Understand your team strengths and weaknesses with the TESI®. The Team Emotional and Social Intelligence Survey®, is a team 360 reporting on how team members access their functioning in seven core areas of team engagement. These measurable results help teams focus on how to tap into their skills and improve areas of weakness. You and your team can measure success through the pre-post assessment.

  1. What rings their bells – what dampens their spirits?

Pay attention to the feedback you receive on a regular basis and repeat what works. Utilize your data on individual and team strengths in order to further positive engagement.

  1. How will the team break out of old patterns to awaken creativity and boost spirits?

Creativity is an energizer. Even though some team members may moan about change, when you lead them in purposeful change and have a defined approach and outcomes it will help build new energy and clear out old ways of doing things that aren’t necessary anymore.
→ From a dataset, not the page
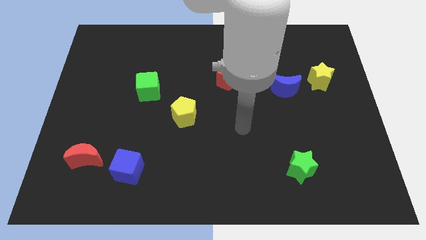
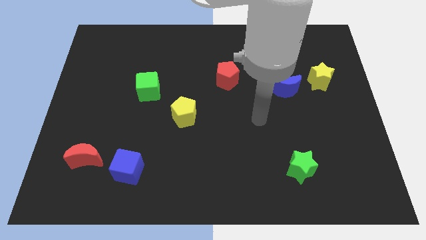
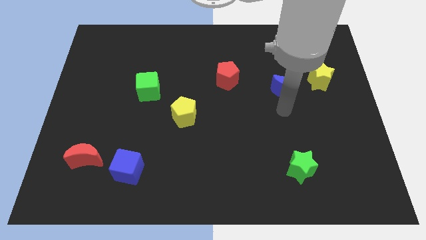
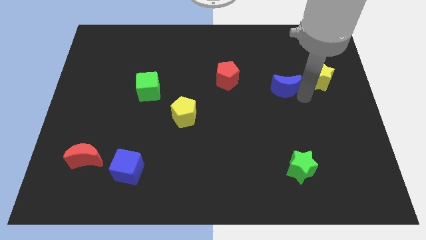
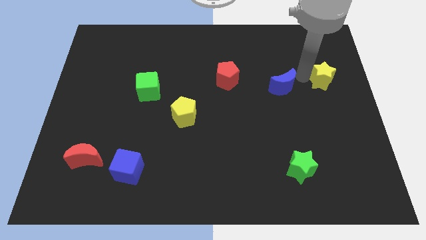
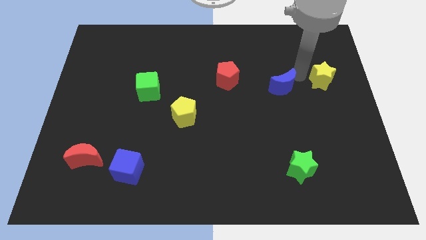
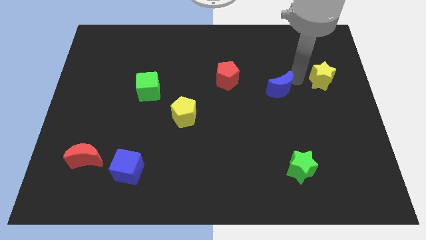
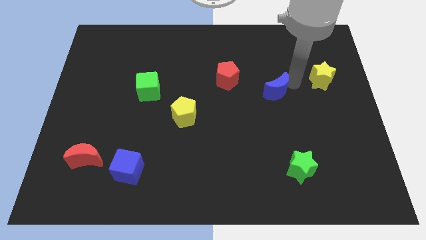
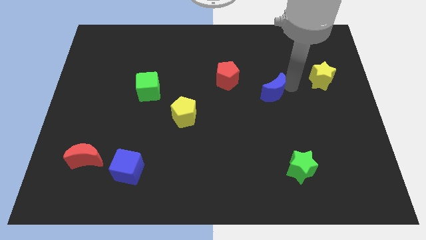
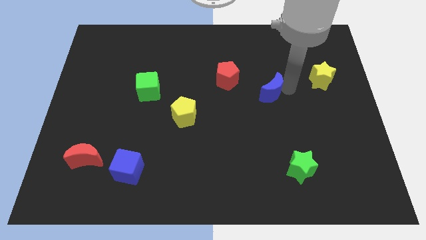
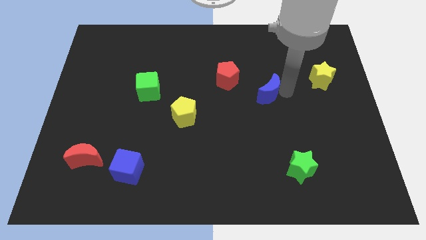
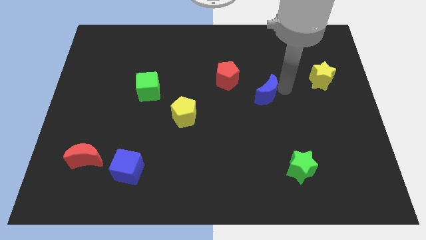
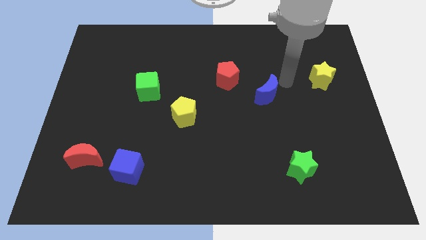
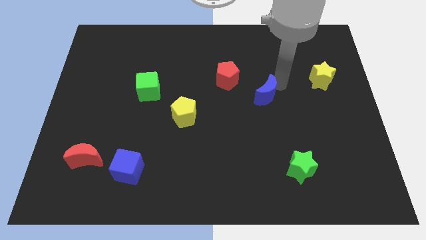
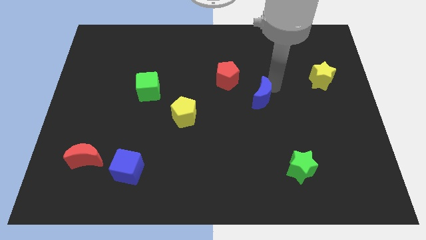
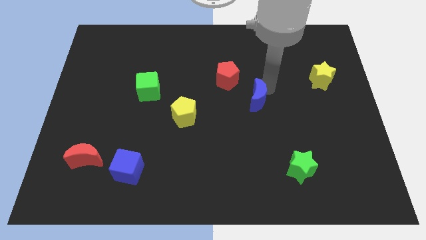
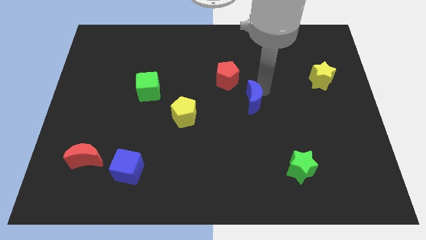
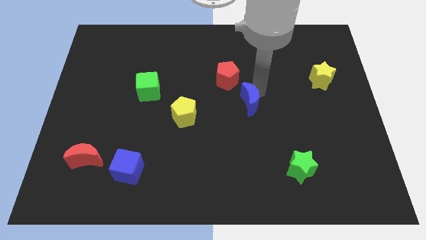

  1. What’s your team attitude?

Discuss the power of attitude with your team. Ask team members to explore current attitudes and then set intentions for the attitude they will express in the future. Be specific about who does what so you can notice and affirm positive actions as engagement improves.

  1. What inspires your team members and the team as a whole?

What about giving some time to a worthwhile community project? You and the team could spend an hour at a soup kitchen or a day helping build a house. There are many ways to contribute. Challenge the team to consider options and find a suitable project. After contributing your time get together and debrief. Talk about how it felt, what you learned about your community and what it means to volunteer as a team.

  1. Determine how well your team that functions with emotional and social well-being

The Collaborative Growth team model measures the seven specific skills seen in the outer ring. Your team can take the TESI, consider their skills and opportunities, and engage in intentional growth. The model shows that as teams are deliberately enhancing their skills they develop the benefits shown in the middle circle, such as trust, and then progress to being a team that enjoys emotional and social well-being. This is a highly productive and engaged state which leads to sustainable good results. However, be sure to pay attention to maintaining those skills. High performance requires constant attention.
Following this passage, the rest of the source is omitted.